We gather a large, if not a major part of information from the internet. News portals and social media are only a mouse click away and provide information we think we need. This is a very positive side of the internet. A downside, however, is that people under certain circumstances may find themselves in echo chambers where like-minded people group together and listen to information and arguments that are uni-directional and are just replicating and confirming already existing knowledge, views, and opinions.
At the heart of all big data analytics projects lies the specification of predictive statistical models. A situation often encountered is that the model is well fitted to the data set which was used to train it. However, if applied to new data the model provides much lower quality. This phenomenon is called over-fitting. The model can just replicate and confirm already seen data and is not able to deal with new data. It cannot be generalized and is useless for predictions.
And this is like a statistical echo chamber.

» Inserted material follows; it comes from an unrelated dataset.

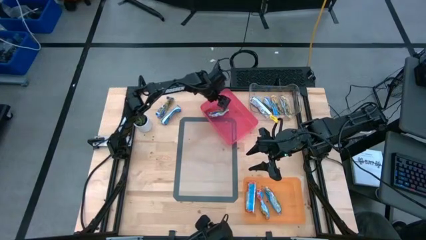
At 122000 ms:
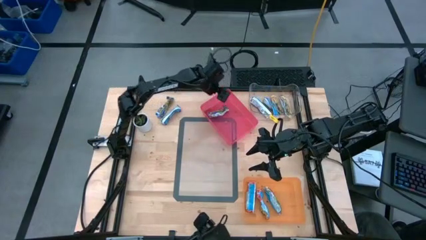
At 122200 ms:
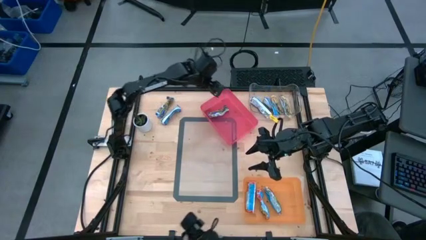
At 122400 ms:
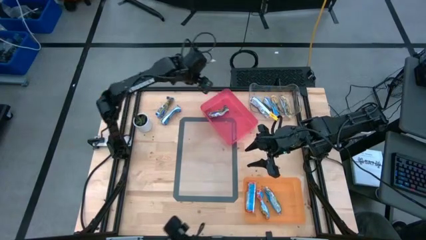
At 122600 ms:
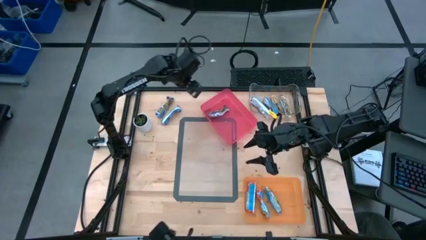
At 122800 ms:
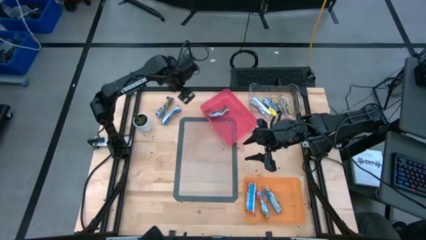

Of course, statistical science provides techniques to mitigate over-fitting, such as feature removal, or cross-validation for example. Such techniques, however, do not replace the fundamental requirement to use relevant, representative and high-quality data for the modeling process. A health care data set with diabetes prescriptions of patients older than 55 years only will never be useful to specify a predictive model for diabetes product consumption of the entire population. And this is irrespective of statistical models used and the buzz wording around them.
Investments in data quality and relevance give good returns in terms of model quality and relevance.